Source: https://krebsonsecurity.com/2017/06/onelogin-breach-exposed-ability-to-decrypt-data/

Credit Card Breach at Kmart Stores. Again.

For the second time in less than three years, Kmart Stores is battling a malware-based security breach of its store credit card processing systems. kmart

Last week I began hearing from smaller banks and credit unions who said they strongly suspected another card breach at Kmart. Some of those institutions received alerts from the credit card companies about batches of stolen cards that all had one thing in comment: They were all used at Kmart locations.

Ask to respond to rumors about a card breach, Kmart’s parent company Sears Holdings said some of its payment systems were infected with malicious software:

“We recently became aware that Sears Holdings was a victim of a security incident involving unauthorized credit card activity following certain customer purchases at some of our Kmart stores. We immediately launched a thorough investigation and engaged leading third party forensic experts to review our systems and secure the affected part of our network.”

“Our Kmart store payment data systems were infected with a form of malicious code that was undetectable by current anti-virus systems and application controls. Once aware of the new malicious code, we quickly removed it and contained the event. We are confident that our customers can safely use their credit and debit cards in our retail stores.”
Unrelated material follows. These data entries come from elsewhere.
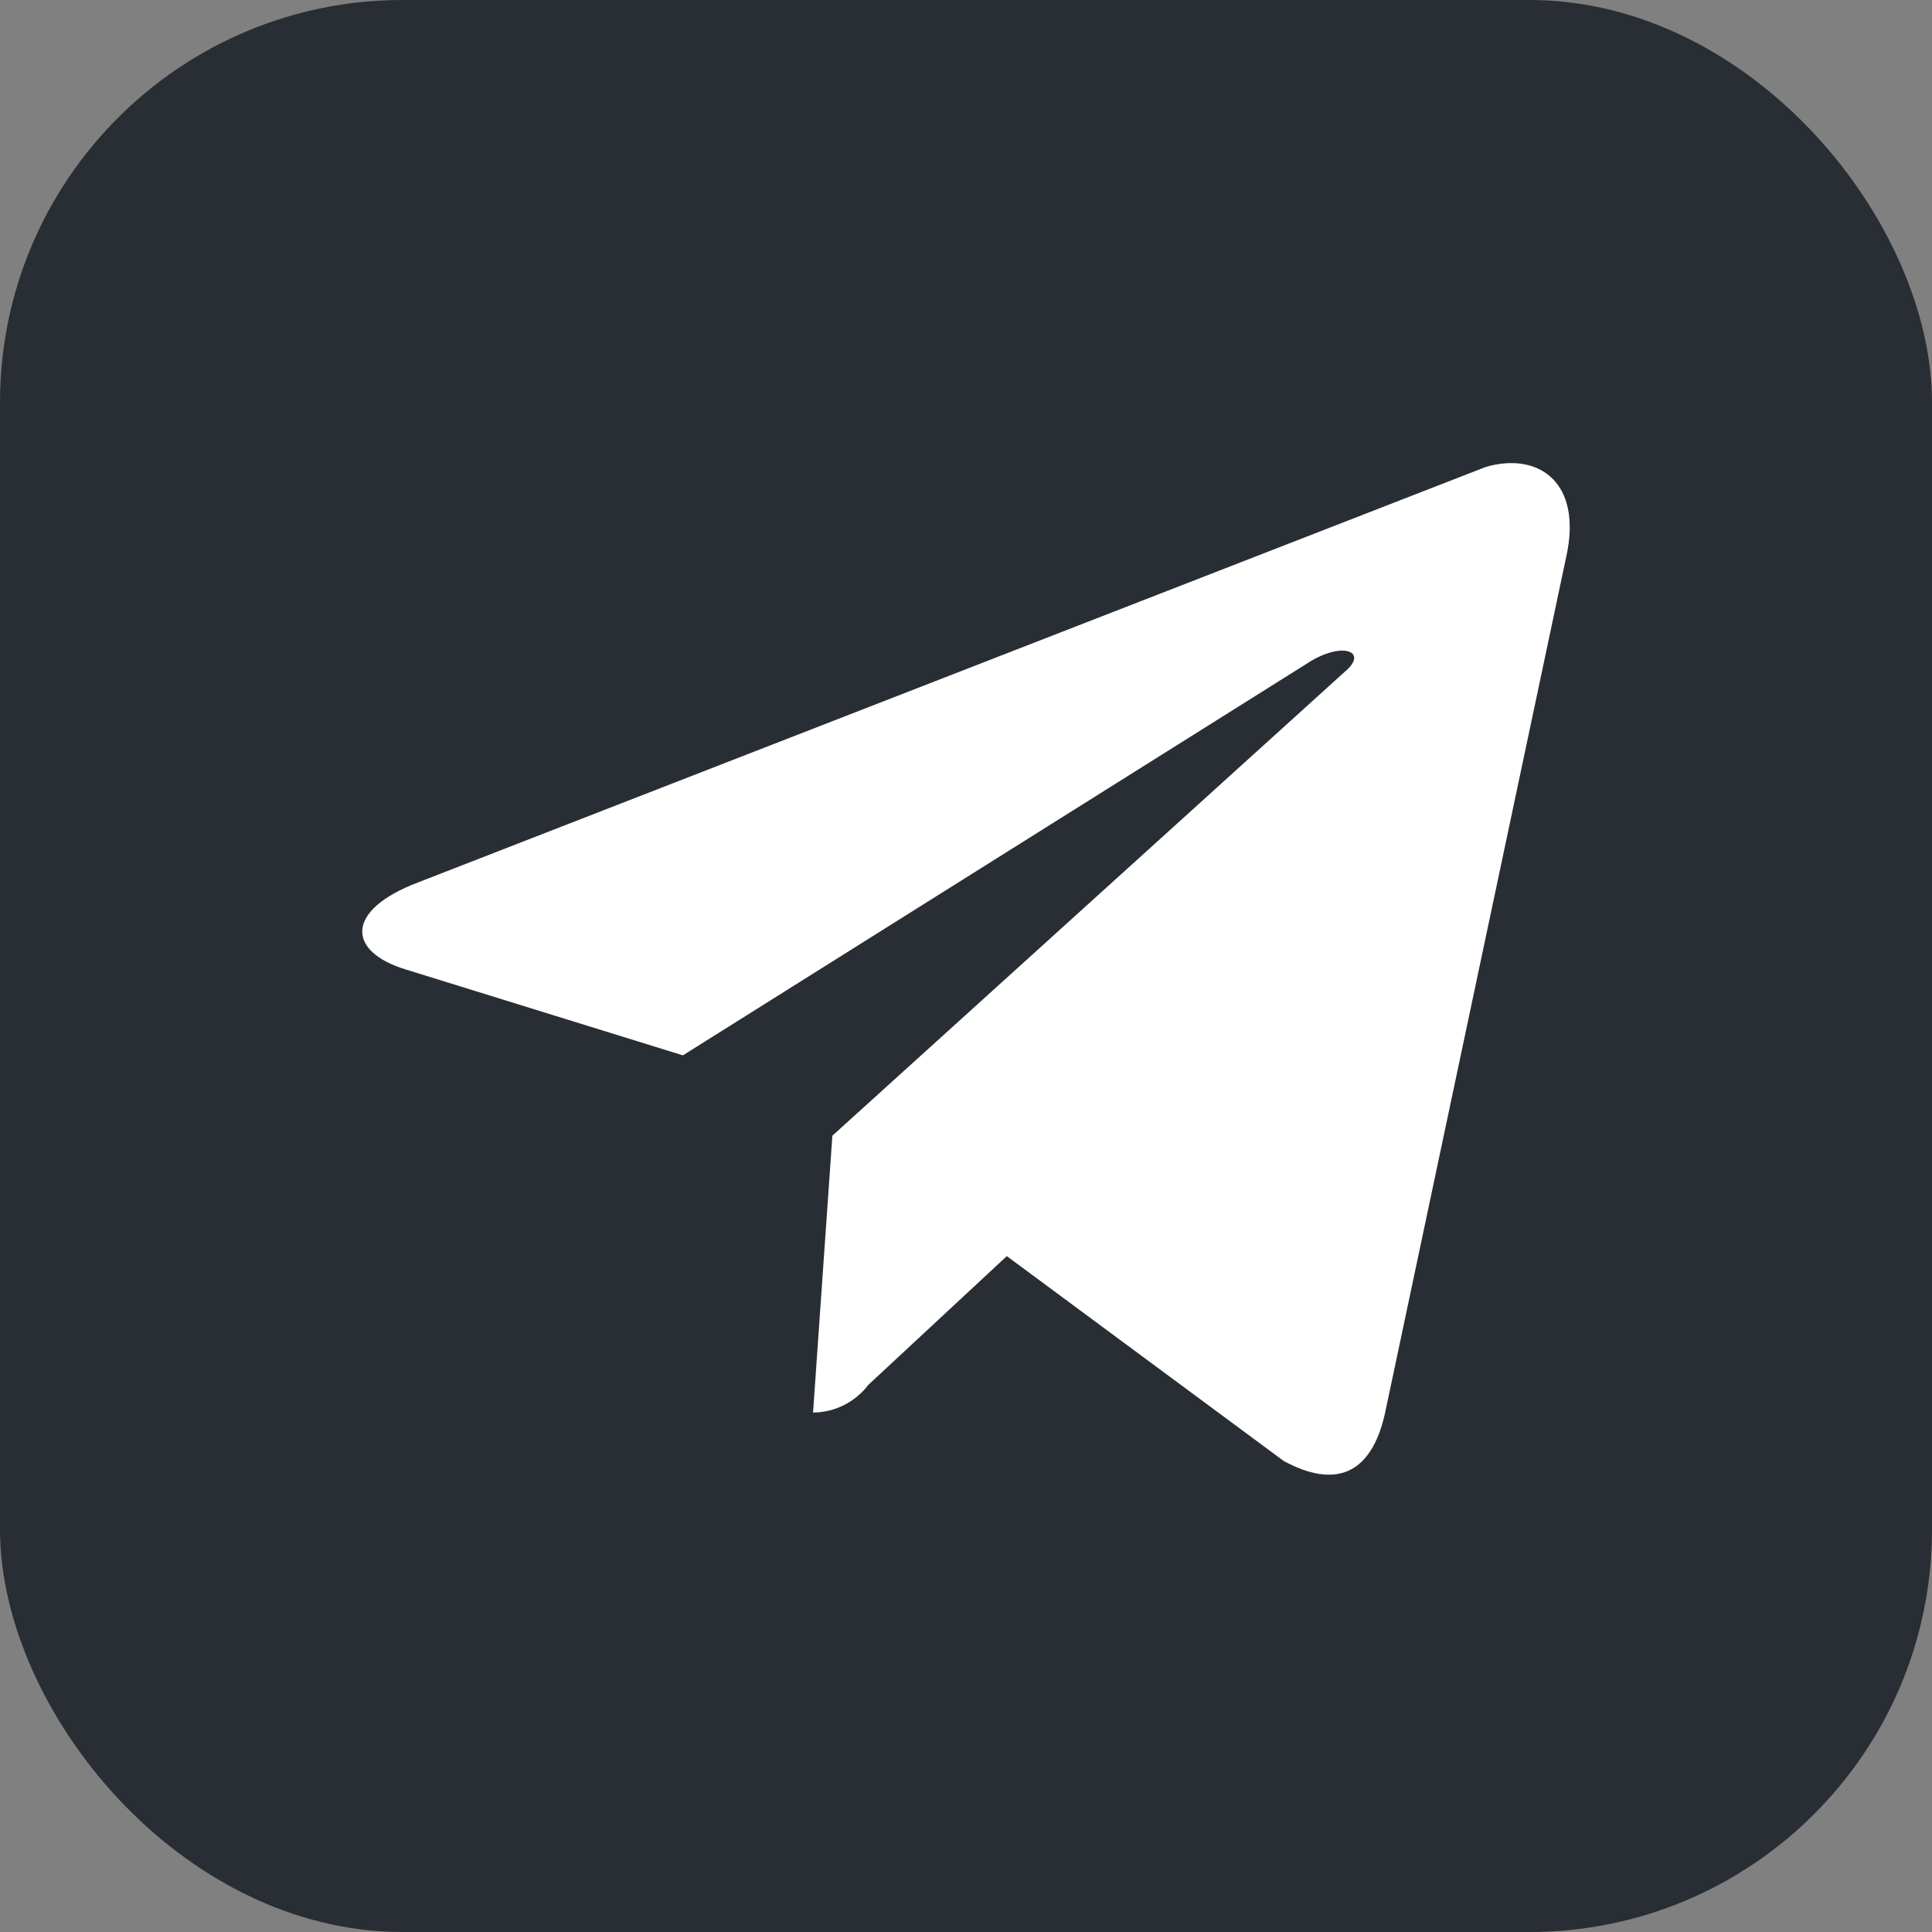 <svg width="24" height="24" viewBox="0 0 24 24" fill="none" xmlns="http://www.w3.org/2000/svg">
<rect x="0" y="0" width="24" height="24" fill="#808080" stroke="none"/>
<g clip-path="url(#clip0_5026_64318)">
<rect width="24" height="24" rx="5" fill="#292D34"/>
<path d="M19.456 6.918L17.203 17.565C17.031 18.322 16.584 18.494 15.947 18.149L12.507 15.604L10.787 17.203C10.707 17.309 10.602 17.395 10.483 17.455C10.364 17.515 10.233 17.546 10.1 17.547L10.34 14.108L16.704 8.346C16.996 8.105 16.704 7.967 16.291 8.208L8.483 13.11L5.043 12.044C4.303 11.82 4.286 11.304 5.198 10.96L18.458 5.8C19.112 5.611 19.662 5.989 19.456 6.918Z" fill="white"/>
</g>
<defs>
<clipPath id="clip0_5026_64318">
<rect width="24" height="24" fill="white"/>
</clipPath>
</defs>
</svg>

Based on the forensic investigation, NO PERSONAL identifying information (including names, addresses, social security numbers, and email addresses) was obtained by those criminally responsible. However, we believe certain credit card numbers have been compromised. Nevertheless, in light of our EMV compliant point of sale systems, which rolled out last year, we believe the exposure to cardholder data that can be used to create counterfeit cards is limited. There is also no evidence that kmart.com or Sears customers were impacted.”

Sears spokesman Chris Brathwaite said the company is not commenting on how many of Kmart’s 735 locations nationwide may have been impacted or how long the breach is believed to have persisted, saying the investigation is ongoing.

“Given the criminal nature of this attack, Kmart is working closely with federal law enforcement authorities, our banking partners, and IT security firms in this ongoing investigation,” Sears Holdings said in its statement. “We are actively enhancing our defenses in light of this new form of malware. Data security is of critical importance to our company, and we continuously review and improve the safeguards that protect our data in response to changing technology and new threats.”

In October 2014, Sears announced a very similar breach in which the company also stressed that the data stolen did not include customer names, email addresses or other personal information. 

Both breaches involved malware designed to steal credit and debit card data from hacked point-of-sale (POS) devices. The malware copies account data stored on the card’s magnetic stripe. Armed with that information, thieves can effectively clone the cards and use them to buy high-priced merchandise from electronics stores and big box retailers.

At least two financial industry sources told KrebsOnSecurity that the breach does not appear to be affecting all Kmart stores. Those same sources said that if the breach had hit all Kmart locations, they would expect to be seeing much bigger alerts from the credit card companies about accounts that are potentially compromised.

All Kmart stores in the United States now have credit card terminals capable of processing transactions from more secure chip-based cards. The chip essentially makes the cards far more difficult and expensive to counterfeit. But not all banks have issued customers chip-enabled cards yet, and thus this latest breach at Kmart likely impacts mainly Kmart customers who shopped at the store using non-chip enabled cards.

Visa said in March 2017 there were more than 421 million Visa chip cards in the country, representing 58 percent of Visa cards. According to Visa, counterfeit fraud has been declining month over month — down 58 percent at chip-enabled merchants in December 2016 when compared to the previous year.

Sears also has released a FAQ (PDF) that includes a bit more information about this breach disclosure.